The altarpiece with the Madonna, Child and Saints Francis, Dominic, and Magdalen is the first signed and dated by Ludovico Carracci, who made it for the Bargellini family of Bologna.

The family was tied to the late Pope, Gregory XIII, also Bolognese, through the relationship with the client, Cecilia Bargellini Boncompagni, here shown kneeling at the centre with her hands clasped, as a Carmelite nun.

The work originally stood on the altar of the Boncompagni Chapel in the church of Santi Filippo e Giacomo, on Via delle Lame, also known as “delle convertite”, named after the adjacent convent of the Carmelite Nuns.

Mary, seated on a high throne, adorned by the heraldic dragon of the pope's family, is portrayed as a humble queen, barefoot with a florid face, as she is being crowned by angels in flight; the view from beneath and looking upward makes it tangible and realistic.

The Madonna has her cheek against the Child's and watches us with a direct gaze. Jesus, restless in his mother's lap blesses, while, like a party, the angels sing to the sweet sound of the lute or scatter incense and flowers.

The faithful are called to participate in the event, thanks to the continuity between the painted space and the real world, obtained through the saints’ eloquent gestures.

St.

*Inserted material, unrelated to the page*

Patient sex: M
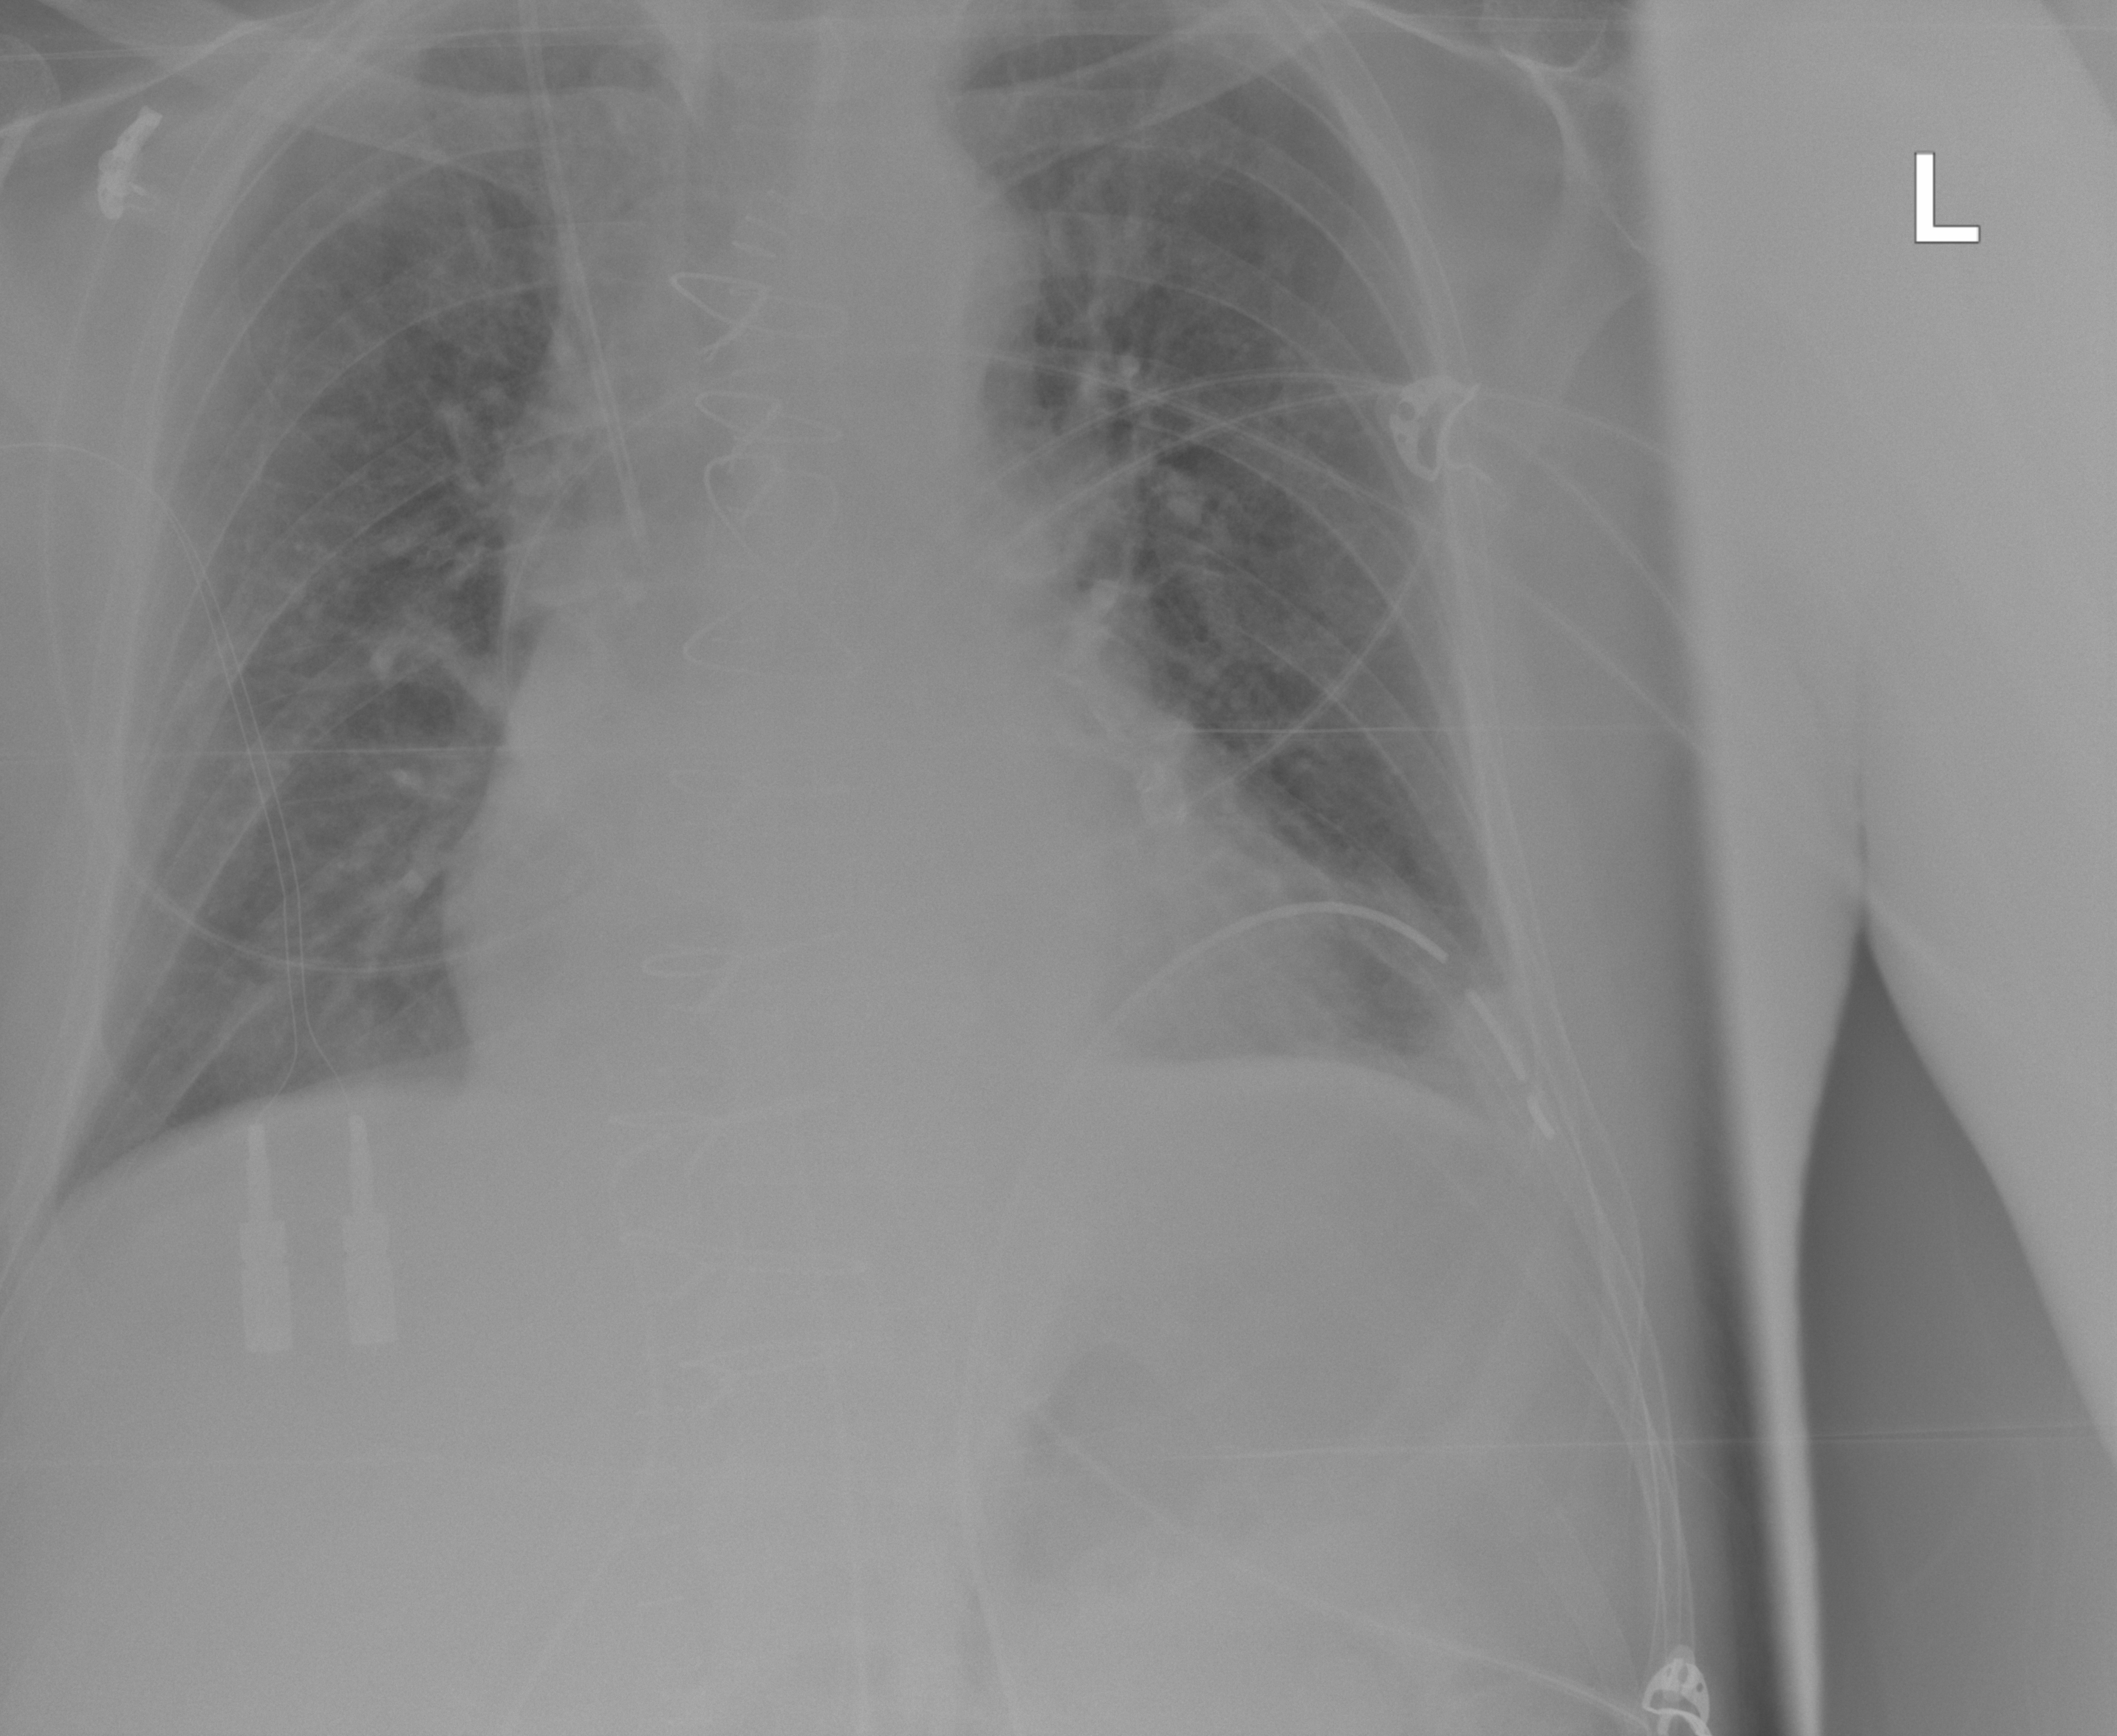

Francis is deeply concentrated on contemplating the Virgin and Child. Saint Dominic, however, turns to the faithful and points out the mother and son to them with an emphatic gesture.

Mary Magdalen, the redeemed prostitute figure par excellence, isolated on the right, seems to be indicating to the Holy family the penitents in prayer beyond the borders of the painting. Her presence is a clear reference to the convent’s function as a charitable refuge for repentant prostitutes.

Justified in the same light is the presence of the holy water and holy water sprinkler at the feet of the Virgin, clear symbols of purification.

Despite the strong human characterization of the saints, like the heavily-lined face of St. Francis or the resolute gaze of St. Dominic, the only true portrait is that of the elderly Cecilia Bargellini Boncompagni, who commissioned the painting, and on whose profile the painter does not fail to record a small wart above her mouth. The sacred characters are offered to the observer in the most confidential and engaging manner, under a portico that alludes to those in the city, beyond which rise the familiar towers of Bologna.